_Dataset extract:_

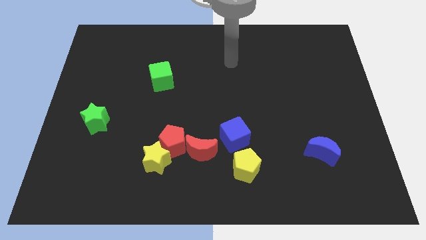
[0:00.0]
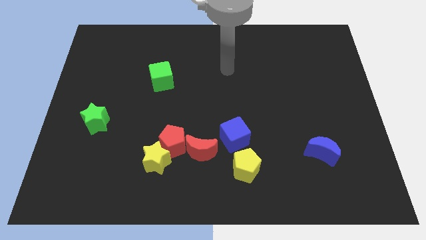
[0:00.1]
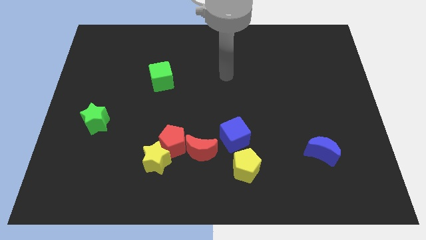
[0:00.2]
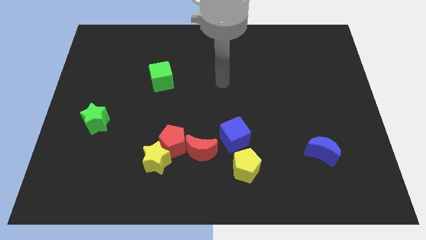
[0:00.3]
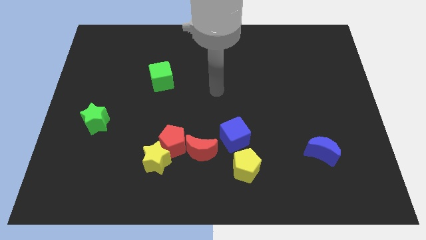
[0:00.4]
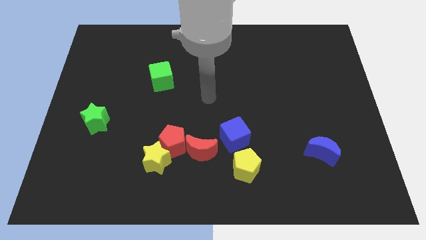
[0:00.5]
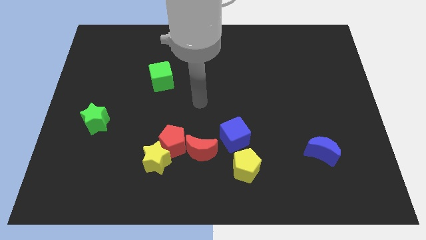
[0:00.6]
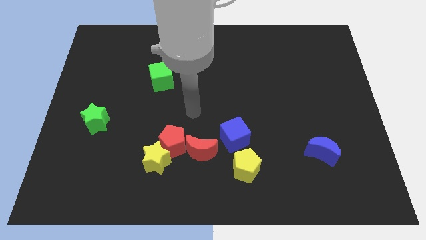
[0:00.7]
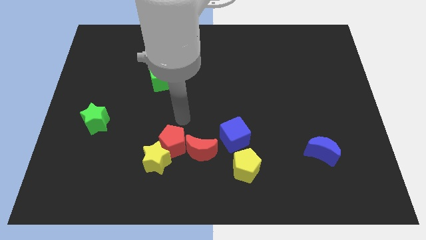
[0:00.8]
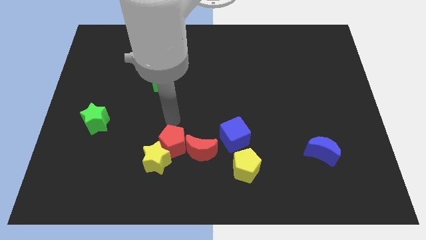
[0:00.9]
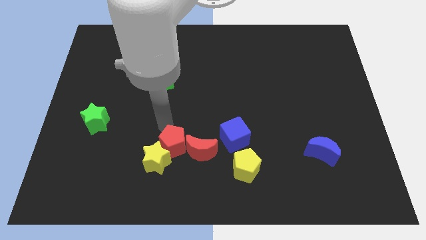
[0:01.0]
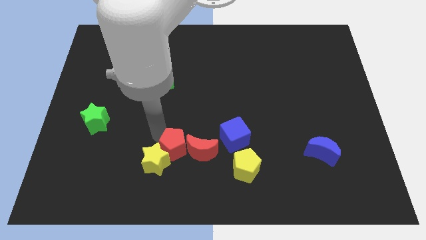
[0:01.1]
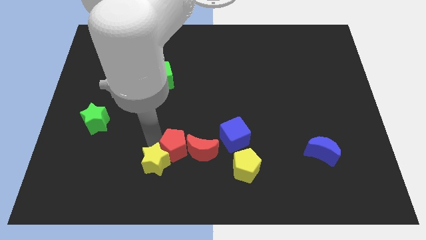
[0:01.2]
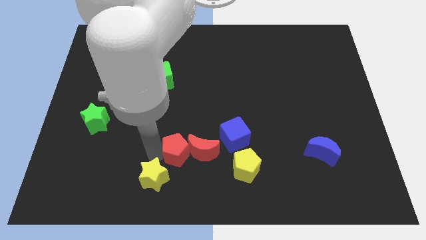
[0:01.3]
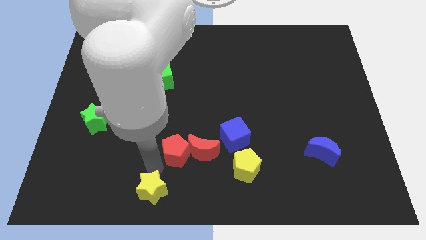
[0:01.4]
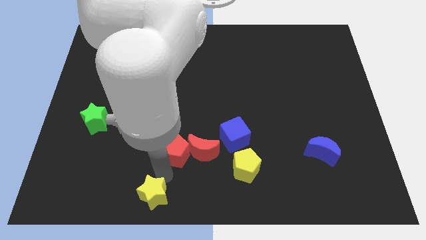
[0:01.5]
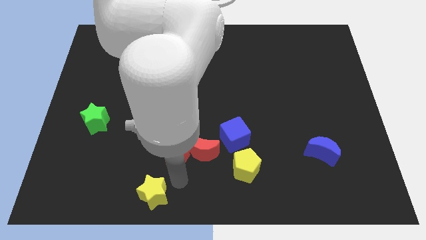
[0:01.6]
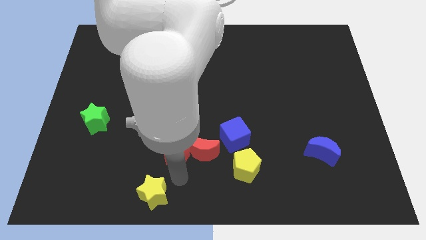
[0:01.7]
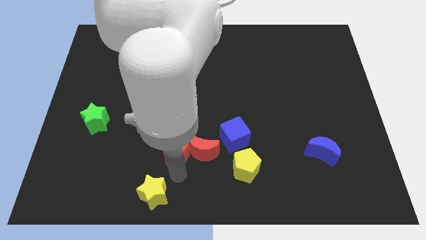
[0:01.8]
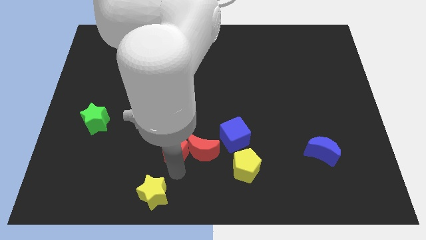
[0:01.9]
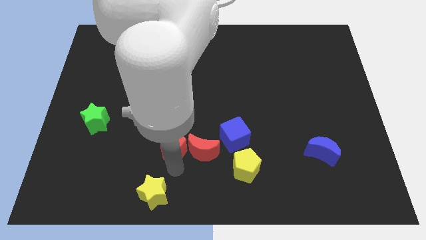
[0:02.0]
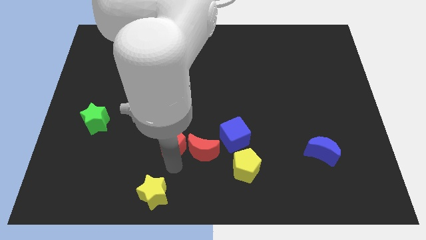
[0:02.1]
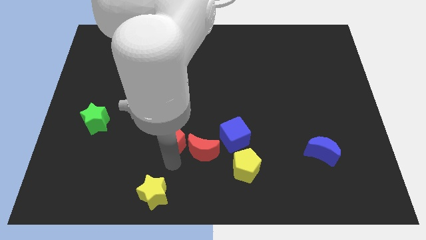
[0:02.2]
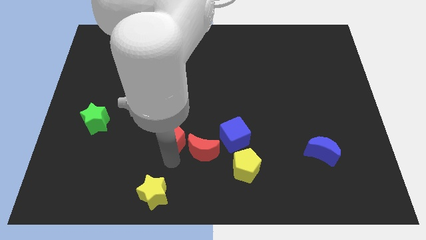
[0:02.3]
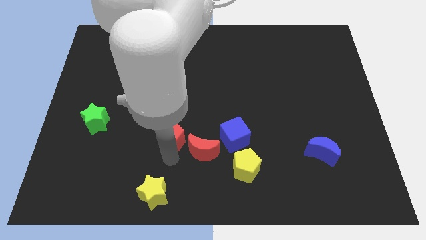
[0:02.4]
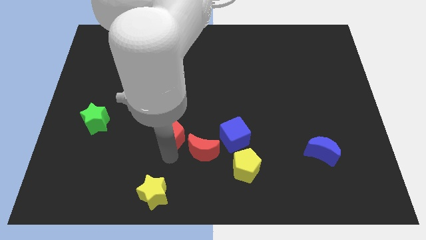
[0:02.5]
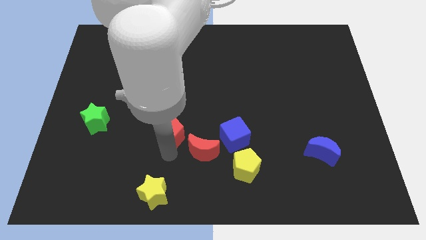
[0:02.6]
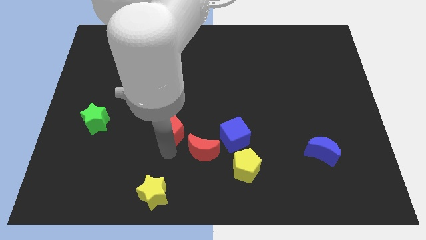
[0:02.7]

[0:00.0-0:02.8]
move the red pentagon away from the yellow star and red moon

_Task description:_ Print the listing again exactly, please. Keep the pictures out of it.

_Solution:_
[0:00.0]
[0:00.1]
[0:00.2]
[0:00.3]
[0:00.4]
[0:00.5]
[0:00.6]
[0:00.7]
[0:00.8]
[0:00.9]
[0:01.0]
[0:01.1]
[0:01.2]
[0:01.3]
[0:01.4]
[0:01.5]
[0:01.6]
[0:01.7]
[0:01.8]
[0:01.9]
[0:02.0]
[0:02.1]
[0:02.2]
[0:02.3]
[0:02.4]
[0:02.5]
[0:02.6]
[0:02.7]

[0:00.0-0:02.8]
move the red pentagon away from the yellow star and red moon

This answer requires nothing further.